MILAN - Plenty of investment opportunities lie ahead and only wait to be seized in the Sino-European relations, Italian experts told Xinhua following Chinese Premier Li Keqiang's recent visit to Europe.
"Europe and China are complementary. We have many projects and cutting-edge technology, China has the concreteness and economic capacity to turn ideas into real things," Max Ferrari, President of the Lombardy-China Association and spokesman of Lombardy's infrastructure company, said.
During his stay in Europe, Li co-chaired the 17th China-European Union (EU) Leaders' Meeting in Brussels.
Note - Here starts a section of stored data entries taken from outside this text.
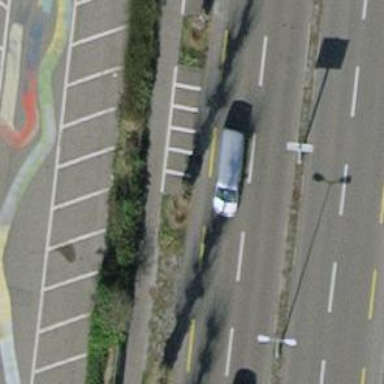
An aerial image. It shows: Motorcycle parking area.
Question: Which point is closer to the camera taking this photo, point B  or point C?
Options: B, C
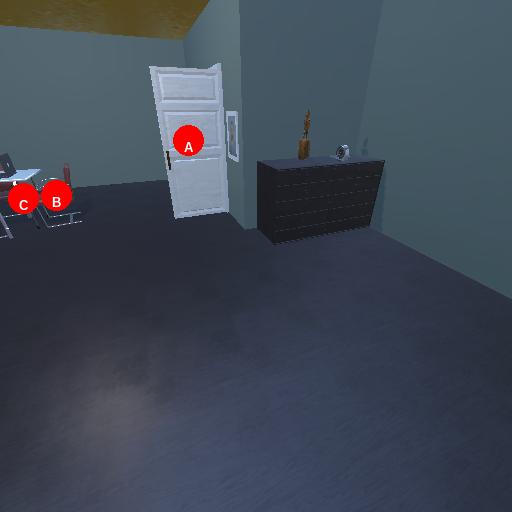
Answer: B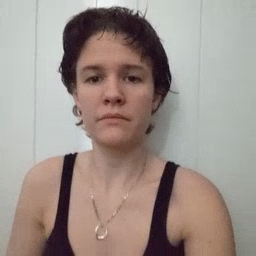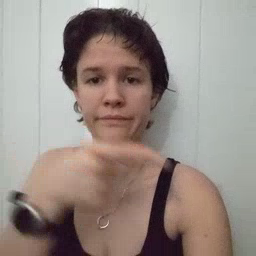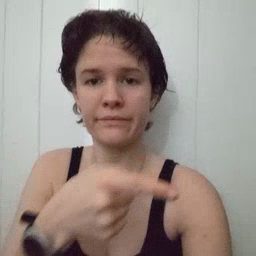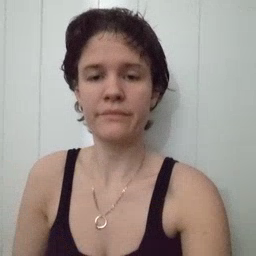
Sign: hesheit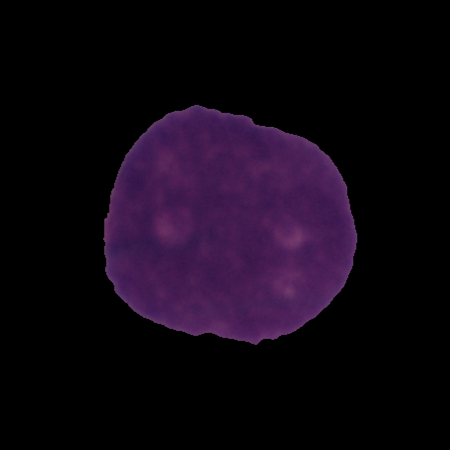
Label: cancer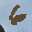
Label: 6
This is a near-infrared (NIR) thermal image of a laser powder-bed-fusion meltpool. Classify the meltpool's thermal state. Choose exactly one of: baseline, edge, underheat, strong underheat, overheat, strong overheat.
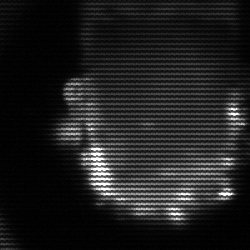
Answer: baseline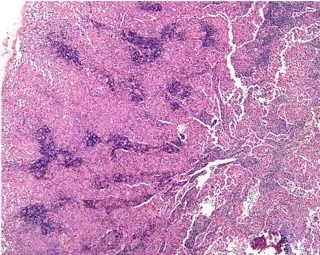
Patient 2 lymph node biopsy. Panel of microphotographs from cervical lymph node biopsy of patient 2 indicating LCH: (A) Lymph node biopsy showing a patchy infiltration of Langerhans cells (Hematoxylin and Eosin stain, magnification 40X).
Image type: pathology (h&e)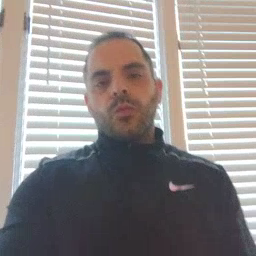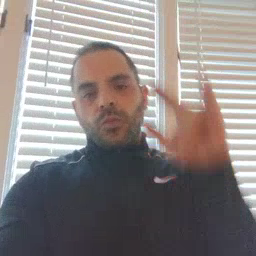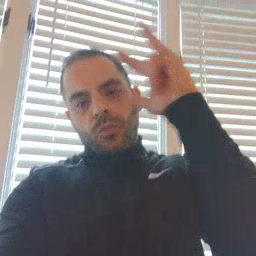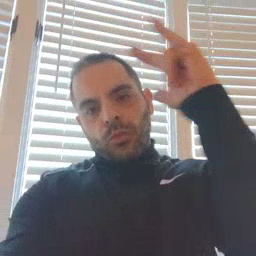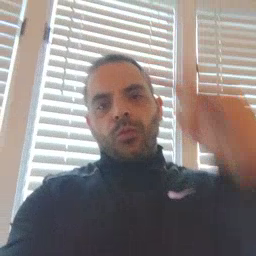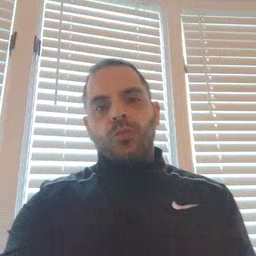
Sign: airplane

There he met with leaders of the European Council (EU) and Belgium, and then visited France and the Paris-based Organization for Economic Cooperation and Development (OECD).
Ferrari was confident about deepening implementation of the Belt and Road Initiative, proposed by the Chinese government in 2013 to boost transport infrastructure building, investment and trade facilitation, financial cooperation and cultural exchanges between Asia and Europe, and even Africa.
In his view, Li's visit marked a new turning point in bilateral relations. "Not only goods, but also people, knowledge, projects and a new idea of a Europe-Asia continent will travel along this new Silk Road," he stressed.
Due to its strategic geographic position, Italy can play a key role in the Belt and Road Initiative. Ferrari said China's investment into Europe could help build a corridor to link Genoa port to Milan and Venice in northern Italy, or through Switzerland north to Rotterdam in the Netherlands, going by Duisburg in Germany which is linked by rail to southwest China's Chongqing Municipality.
"Lombardy's infrastructure company is very interested to build a synergy with Chinese banks in this regard," Ferrari told Xinhua.
There is great expectation for bilateral opportunities also in the agro-food, mechanical, green economy, real estate, culture and tourism sectors, he added.
Andrea Crespi Bel'skij, CEO at EF Finance & Investments and Executive Vice President at Prime Acquisition Corp, said the international market situation is particularly favorable to merger and acquisition (M&A) activity or setting up of joint ventures to explore new markets and technologies.
Crespi Bel'skij told Xinhua he sees two main areas of cooperation. "Italy has always had a competitive technological advantage in road and rail infrastructure, especially with heavy traffic and limited space. A fast-growing economy can benefit from this ability," he said.
Secondly, Chinese investors can diversify investment. "Most of state-owned infrastructure activities in Italy will become public in the next months, representing a good opportunity to enter a mature sector but with strongly steady and predictable cash flows, " Crespi Bel'skij pointed out.
He underlined low interest rate in Europe eases acquisition of companies by international investors, while economic recovery in Europe makes M&A more profitable in the short term.
In his view, China's advantages in production capacity match with Europe's advanced technologies in a win-win situation. Cooperation in green energy, he added, is an important opportunity, particularly for financing plants in higher energy user countries in Eastern Europe and Turkey or in the inner part of China.
Other good sectors are healthcare and treatment of aged people.
"Europe has already faced population ageing, an issue China will deal with soon. Moreover, retirement houses are an important asset class Northern European investor have started looking at," Crespi Bel'skij noted.
Last but not least, he said, China has a large rising middle class which has few financial instruments to rely on for investment and savings, while Europe has a long tradition in this sector. "The creation of financial products distributed by Chinese banks and insurance companies is in my opinion an interesting opportunity for China," Crespi Bel'skij told Xinhua.
In his view, the most urgent need in Sino-European relations is the subscription of a bilateral pact and the creation of an appropriate legal framework to facilitate Chinese acquisitions in Europe.
As the Greek financial crisis is showing, Crespi Bel'skij noted, huge supranational financial institutions like the International Monetary Fund (IMF) could be less efficient in dealing with non conventional issues in regional areas. "International bilateral agreements and cooperation are more cost-effective and can create benefits for local communities as well as for investor States," he concluded.